Stewart’s Jewelry and the Hilton Garden Inn don’t compete for customers — just for parking.
The Hilton, on the corner of South Topeka Street and Douglas Avenue, dwarfs the family-owned jewelry store next door.
Customers of both businesses — and sometimes employees — compete for spaces in front of the two establishments.
“If I don’t have parking,” said David Stewart, owner of Stewart’s Jewelry, “I don’t have a business.”
The Wichita City Council has approved a plan to install new digital meters and raise parking fees downtown. The city will start charging between 75 cents and $2 per hour early next year.
Troy Anderson, Wichita’s assistant city manager, said at a City Council meeting that maintenance costs on parking lots, meters and garages have been falling behind.
The city will use the new fees to repair those and provide better parking enforcement at current sites.
The city’s parking fund has lost money for the past five years, according to The Wichita Eagle. The city expects the new meters and parking fees to turn that trend around and generate money to invest in upgrading parking.
A tale of two businesses
Stewart’s Jewelry has been in business for 44 years, all in the same building on Douglas Street. Stewart said he’s seen plenty of change and thinks the new parking plan could be a step in the right direction.
“Parking is always abused here,” Stewart said. “Guests at the hotel next door are always taking up the parking in front of us here.”
Stewart welcomes the extra enforcement from more metered parking stalls. But his parking rivals at the Hilton Garden Inn worry more about how metered parking, allowing only one or two hours in a space, will inconvenience hotel guests.
“We already have guests coming in to complain about parking tickets,” said Joanna Manalo, the hotel’s general manager. “The free parking out front allows guests an easy place to come in and out.”
But both agree on one thing: less parking could hurt their businesses.
“Nobody can have a business without customer parking,” Stewart said. “And nobody is going to walk more than a block to come to a jewelry store.”
What changes are coming to parking in downtown Wichita?
Drivers may soon struggle to find free parking downtown.
Wichita signed a contract with The Car Park to install and enforce fines at the new meters.
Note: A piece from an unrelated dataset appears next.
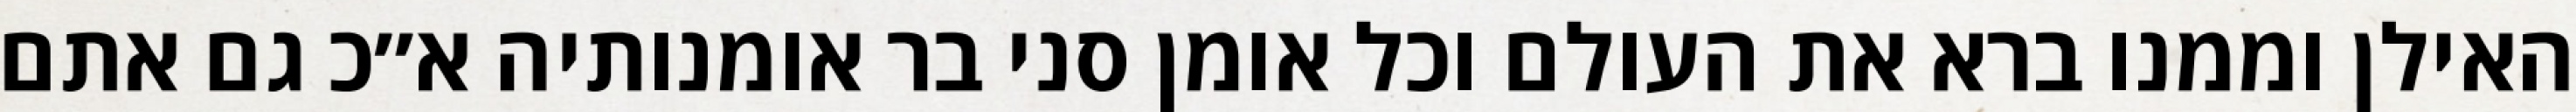
האילן וממנו ברא את העולם וכל אומן סני בר אומנותיה א״כ גם אתם

The city will pay the Idaho-based company $12 million over six years.
The city owns about 8,000 of the around 12,000 parking spaces available downtown. Many of those spaces offer free parking. Some places, such as near the old county courthouse, use coin meters. Plans are underway to determine how many parking spaces downtown will be converted to paid ones.
Anderson told City Council members that The Car Park will work with city traffic engineers to determine which places need more parking control, such as where to place time limits and charge the highest fees.
Some city-owned parking lots and garages will get payment kiosks that will take coins and work off mobile apps.
The City Council also increased parking fines from $10 to $35 earlier this year. The Car Park will have the authority to write tickets.
How will the parking meters work?
The digital curbside meters will look and work much like traditional parking meters, but they won’t leave drivers scrambling to dig up quarters and nickels. The new meters will accept coins, credit cards and payments through an app.
“Our goal is to try and improve the user experience by creating options for folks who are needing to pay,” Anderson told The Beacon.